The first option is what I like best. I write in first person, and as someone who likes writing a lot of dialogue, I dislike “silent” protagonists. It feels like the PC is not talking at all, which hurts my immersion more. It feels boring to me when you just tell what the PC said. I’d rather have bland dialogue than letting me fill the blanks myself. :confused:

That said, if context is a problem, why not take the third (or fourth in this case) option? I do this in combination with the first option especially when making an important choice, so something like:

*choice
	# "Um…" I'm not really comfortable talking with new people.
	# "Hi! What's your name?" I hold out my hand. I like meeting new friends.

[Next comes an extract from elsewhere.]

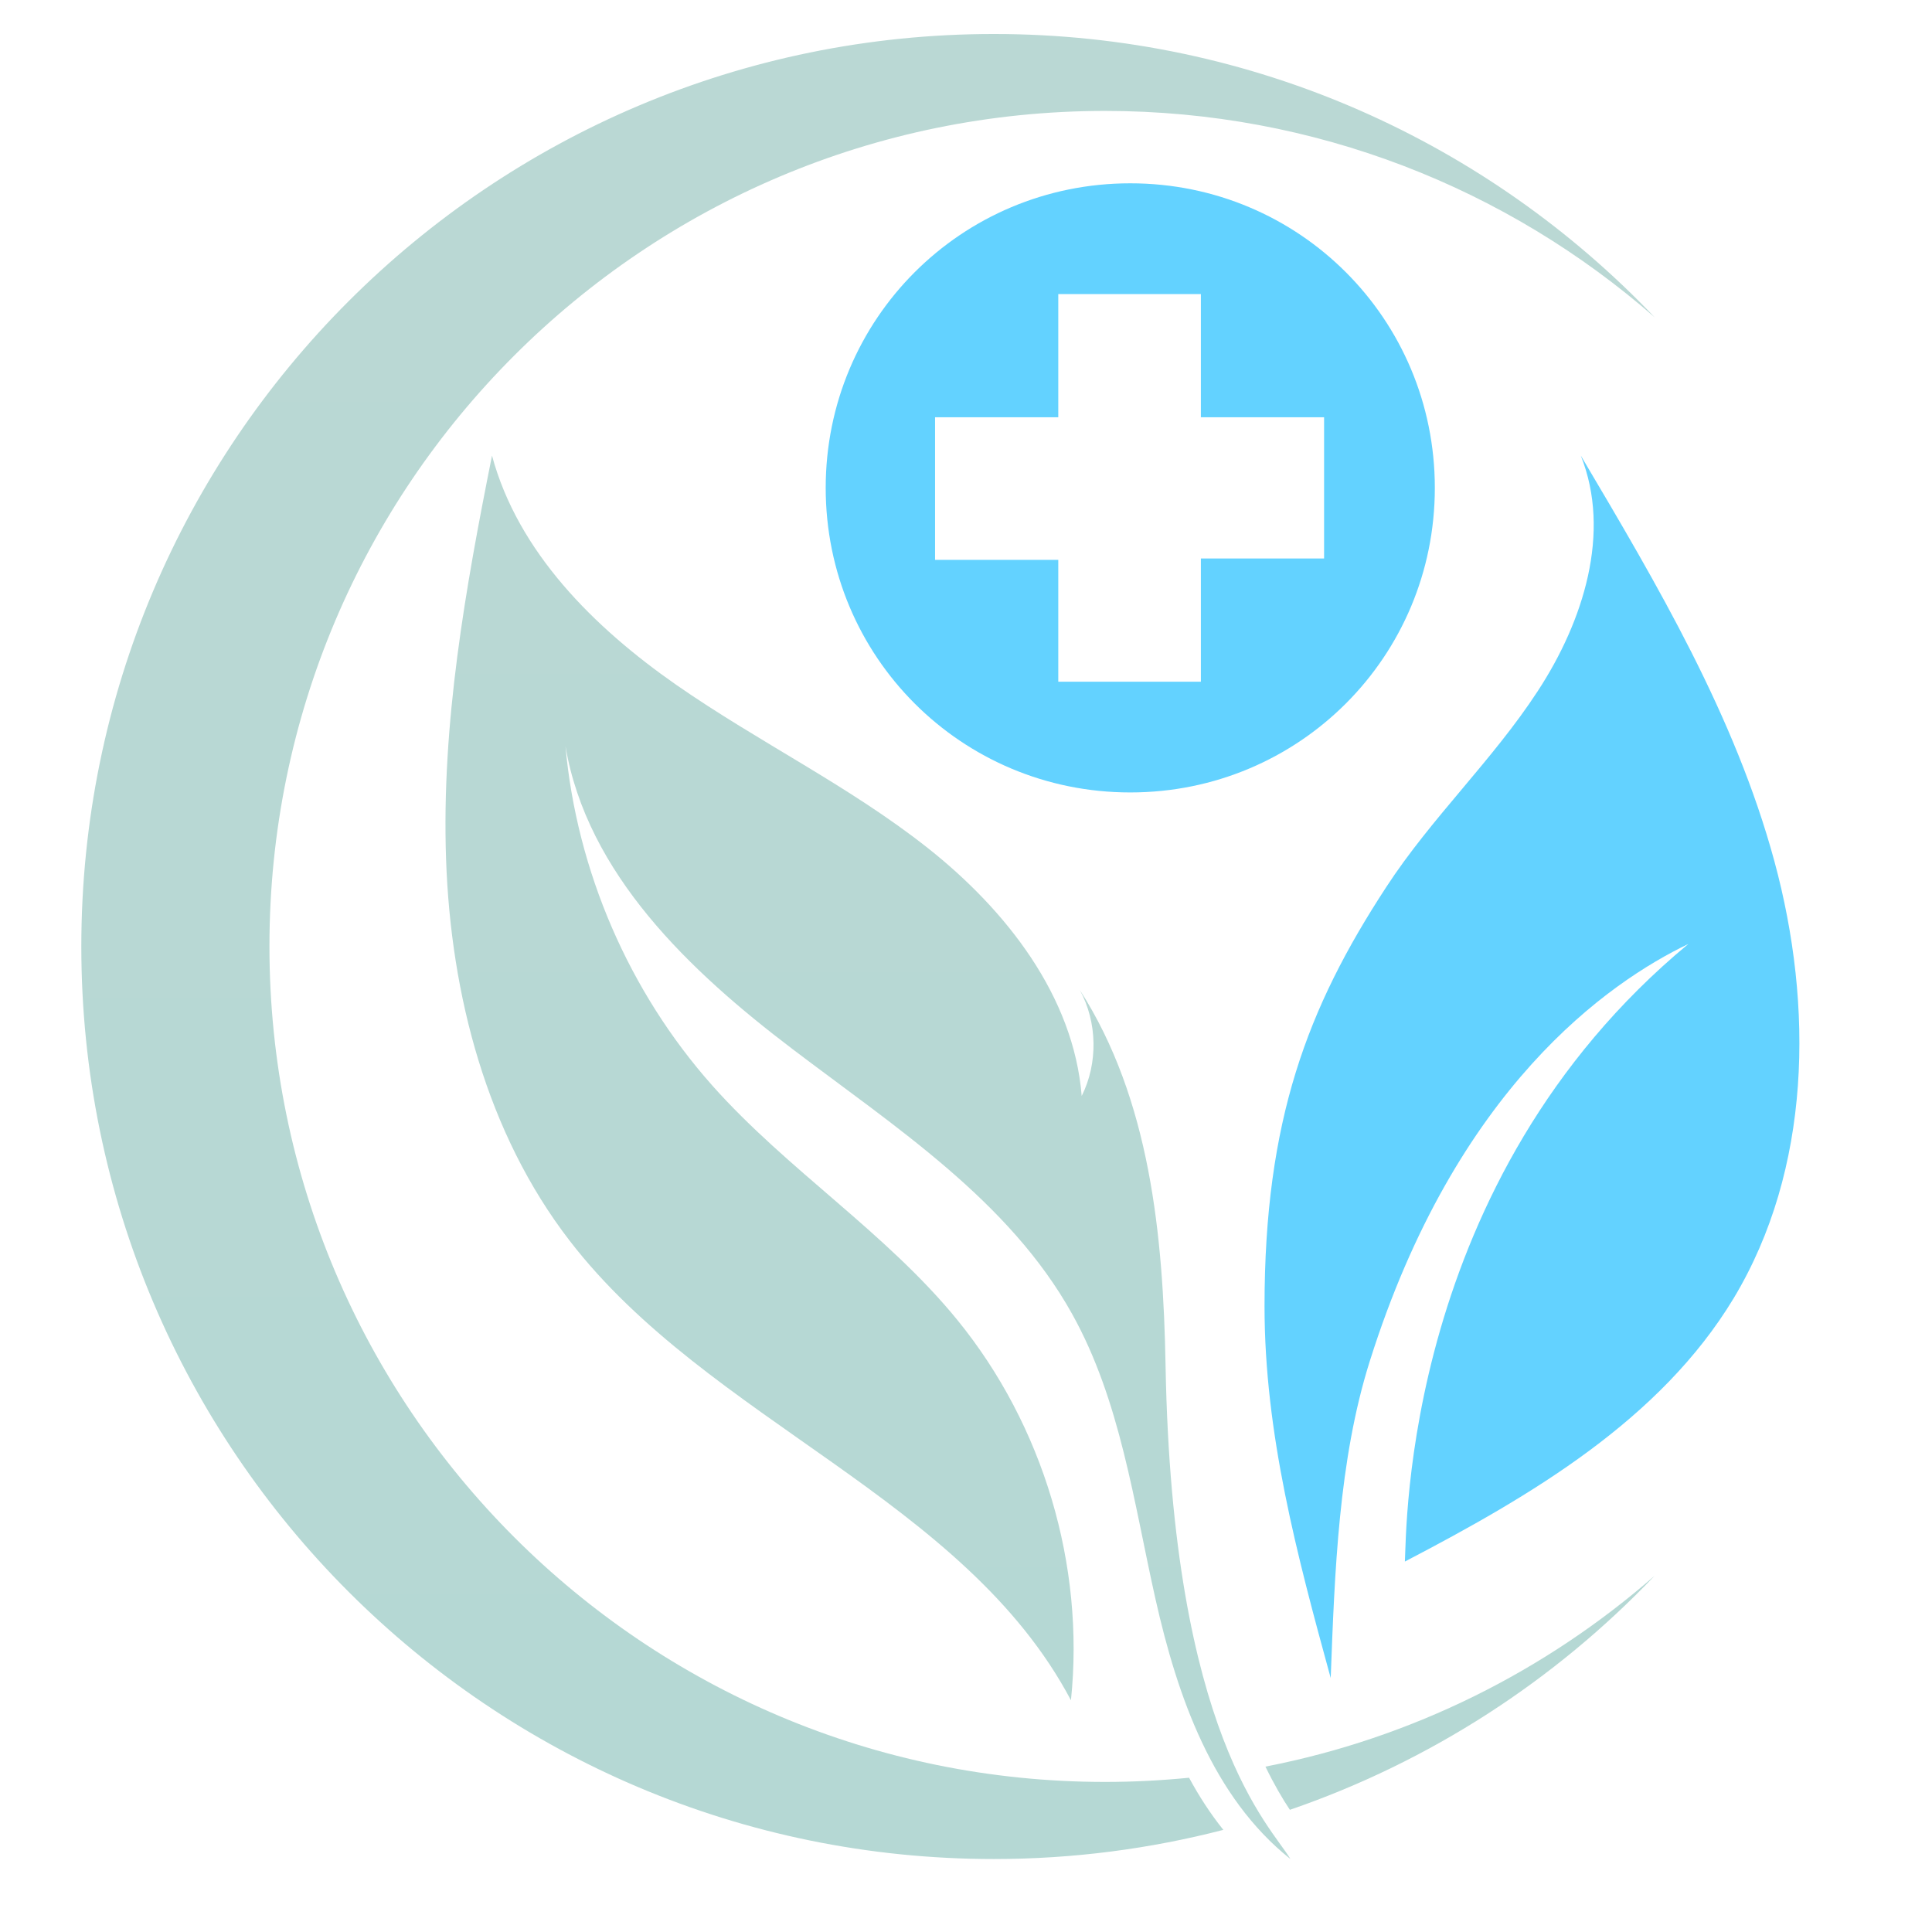 <svg version="1.0" preserveAspectRatio="xMidYMid meet" height="1080" viewBox="0 0 810 810" zoomAndPan="magnify" width="1080" xmlns:xlink="http://www.w3.org/1999/xlink" xmlns="http://www.w3.org/2000/svg"><defs><clipPath id="1da2855763"><path clip-rule="nonzero" d="M 186 191 L 542 191 L 542 780 L 186 780 Z M 186 191"></path></clipPath><clipPath id="ffe639c3f2"><path clip-rule="nonzero" d="M 488.664 572.375 C 487.668 517.887 482.168 460.949 452.742 415.098 C 460.082 428.621 460.387 445.742 453.508 459.496 C 450.145 417.695 421.945 381.621 389.008 355.562 C 356.066 329.5 317.934 311.082 283.465 287.086 C 249.074 263.09 217.207 231.527 206.277 191.02 C 195.117 246.809 185.031 303.441 187.02 360.301 C 189.004 417.16 204.062 475.09 238.832 520.18 C 297.297 596.066 404.215 628.164 449 712.844 C 454.883 656.215 437.383 597.598 401.387 553.422 C 371.352 516.586 330.082 490.527 298.52 454.988 C 263.672 415.707 241.812 365.113 237.074 312.84 C 246.172 366.336 289.043 407.07 332.301 439.855 C 375.48 472.645 423.09 503.441 449.457 550.824 C 469.785 587.277 475.289 629.77 484.461 670.504 C 493.629 711.238 508.379 753.426 541.012 779.41 C 532.684 765.348 491.492 727.746 488.664 572.375 Z M 488.664 572.375"></path></clipPath><linearGradient id="5b4d9b31fe" y2="1001.2" gradientUnits="userSpaceOnUse" x2="6545.245" y1="231.3" gradientTransform="matrix(-0.764, 0, 0, 0.764, 5366.036, 14.253)" x1="6545.245"><stop offset="0" stop-color="rgb(72.525%, 84.613%, 83.186%)" stop-opacity="1"></stop><stop offset="0.125" stop-color="rgb(72.409%, 84.607%, 83.191%)" stop-opacity="1"></stop><stop offset="0.25" stop-color="rgb(72.179%, 84.598%, 83.2%)" stop-opacity="1"></stop><stop offset="0.375" stop-color="rgb(71.948%, 84.587%, 83.211%)" stop-opacity="1"></stop><stop offset="0.5" stop-color="rgb(71.718%, 84.576%, 83.22%)" stop-opacity="1"></stop><stop offset="0.625" stop-color="rgb(71.486%, 84.567%, 83.231%)" stop-opacity="1"></stop><stop offset="0.75" stop-color="rgb(71.255%, 84.557%, 83.241%)" stop-opacity="1"></stop><stop offset="0.875" stop-color="rgb(71.025%, 84.546%, 83.25%)" stop-opacity="1"></stop><stop offset="1" stop-color="rgb(70.795%, 84.537%, 83.261%)" stop-opacity="1"></stop></linearGradient><clipPath id="9f533143c8"><path clip-rule="nonzero" d="M 530 660 L 694 660 L 694 759 L 530 759 Z M 530 660"></path></clipPath><clipPath id="13d2d21b12"><path clip-rule="nonzero" d="M 530.543 740.66 C 534.211 748.227 537.727 754.188 540.785 758.773 C 599.477 738.598 651.828 704.59 693.707 660.645 C 648.16 700.461 592.219 728.664 530.543 740.66 Z M 530.543 740.66"></path></clipPath><linearGradient id="7689254c99" y2="974.2" gradientUnits="userSpaceOnUse" x2="6220.455" y1="845.8" gradientTransform="matrix(-0.764, 0, 0, 0.764, 5366.036, 14.253)" x1="6220.455"><stop offset="0" stop-color="rgb(71.053%, 84.549%, 83.25%)" stop-opacity="1"></stop><stop offset="0.5" stop-color="rgb(70.975%, 84.544%, 83.253%)" stop-opacity="1"></stop><stop offset="1" stop-color="rgb(70.821%, 84.538%, 83.26%)" stop-opacity="1"></stop></linearGradient><clipPath id="ae4463ede5"><path clip-rule="nonzero" d="M 34.094 14.184 L 694 14.184 L 694 780 L 34.094 780 Z M 34.094 14.184"></path></clipPath><clipPath id="86d4910d56"><path clip-rule="nonzero" d="M 498.523 745.324 C 486.906 746.469 475.211 747.082 463.289 747.082 C 269.863 747.082 112.965 590.258 112.965 396.754 C 112.965 203.25 269.863 46.504 463.289 46.504 C 551.559 46.504 632.109 79.137 693.707 133.016 C 624.008 59.879 525.652 14.254 416.672 14.254 C 205.359 14.254 34.094 185.52 34.094 396.832 C 34.094 608.141 205.359 779.406 416.672 779.406 C 449.918 779.406 482.168 775.129 512.891 767.18 C 507.387 760.301 502.648 752.965 498.523 745.324 Z M 498.523 745.324"></path></clipPath><linearGradient id="458ce09f0d" y2="1001.2" gradientUnits="userSpaceOnUse" x2="6545.245" y1="0" gradientTransform="matrix(-0.764, 0, 0, 0.764, 5366.036, 14.253)" x1="6545.245"><stop offset="0" stop-color="rgb(73.079%, 84.637%, 83.162%)" stop-opacity="1"></stop><stop offset="0.125" stop-color="rgb(72.929%, 84.63%, 83.168%)" stop-opacity="1"></stop><stop offset="0.25" stop-color="rgb(72.629%, 84.618%, 83.18%)" stop-opacity="1"></stop><stop offset="0.375" stop-color="rgb(72.33%, 84.604%, 83.194%)" stop-opacity="1"></stop><stop offset="0.5" stop-color="rgb(72.029%, 84.59%, 83.206%)" stop-opacity="1"></stop><stop offset="0.625" stop-color="rgb(71.73%, 84.578%, 83.22%)" stop-opacity="1"></stop><stop offset="0.75" stop-color="rgb(71.429%, 84.564%, 83.234%)" stop-opacity="1"></stop><stop offset="0.875" stop-color="rgb(71.129%, 84.55%, 83.246%)" stop-opacity="1"></stop><stop offset="1" stop-color="rgb(70.83%, 84.538%, 83.26%)" stop-opacity="1"></stop></linearGradient><clipPath id="ffd20c4017"><path clip-rule="nonzero" d="M 346.18 76.852 L 601.559 76.852 L 601.559 332.234 L 346.18 332.234 Z M 346.18 76.852"></path></clipPath></defs><g clip-path="url(#1da2855763)"><g clip-path="url(#ffe639c3f2)"><path fill-rule="nonzero" d="M 541.012 191.02 L 541.012 779.41 L 185.031 779.41 L 185.031 191.02 Z M 541.012 191.02" fill="url(#5b4d9b31fe)"></path></g></g><path fill-rule="nonzero" fill-opacity="1" d="M 743.918 361.062 C 727.41 300.23 694.855 245.207 662.758 191.02 C 675.672 223.273 663.828 260.492 644.797 289.609 C 625.844 318.727 600.09 342.875 581.137 371.992 C 548.121 422.508 530.16 469.738 530.16 547.613 C 530.16 601.035 543.766 651.934 557.902 703.52 C 559.586 659.195 561.188 612.191 574.258 570.77 C 610.406 455.984 674.449 411.809 707.848 395.762 C 588.168 494.957 589.773 641.539 589.008 654.684 C 641.895 627.094 696.078 595.305 726.875 544.254 C 759.355 490.219 760.426 421.898 743.918 361.062 Z M 743.918 361.062" fill="#63d2ff"></path><g clip-path="url(#9f533143c8)"><g clip-path="url(#13d2d21b12)"><path fill-rule="nonzero" d="M 693.707 660.645 L 693.707 758.773 L 530.543 758.773 L 530.543 660.645 Z M 693.707 660.645" fill="url(#7689254c99)"></path></g></g><g clip-path="url(#ae4463ede5)"><g clip-path="url(#86d4910d56)"><path fill-rule="nonzero" d="M 693.707 14.254 L 693.707 779.406 L 34.094 779.406 L 34.094 14.254 Z M 693.707 14.254" fill="url(#458ce09f0d)"></path></g></g><g clip-path="url(#ffd20c4017)"><path fill-rule="nonzero" fill-opacity="1" d="M 601.559 204.543 C 601.559 275.352 544.68 332.234 473.871 332.234 C 403.059 332.234 346.18 275.352 346.18 204.543 C 346.18 133.734 403.059 76.852 473.871 76.852 C 544.68 76.852 601.559 133.734 601.559 204.543 Z M 555.129 174.941 L 503.473 174.941 L 503.473 123.285 L 443.688 123.285 L 443.688 174.941 L 392.031 174.941 L 392.031 234.723 L 443.688 234.723 L 443.688 285.801 L 503.473 285.801 L 503.473 234.145 L 555.129 234.145 Z M 555.129 174.941" fill="#63d2ff"></path></g></svg>

It’s a bit longer, but there’s dialogue, the intention is clear, and it feels like the choices are also part of the narrative so the following conversation feels more natural.

You don’t have to add “context” for every choice of course. If the choice isn’t immediately clear, then adding something like I say, sarcastically. at the end of it is good enough.

If you want to be even more immersive with the choices, you can also do something fancy using multireplace, like:

*choice
	#@{(shy > 50) I smile and nod. Of course I want it.|"Of course! I always wanted to have one."}
	#@{(shy > 50) I shake my head. I don't really need it.|"No, I'm good. You can keep it."}

…so personality checks aren’t just in the narrative.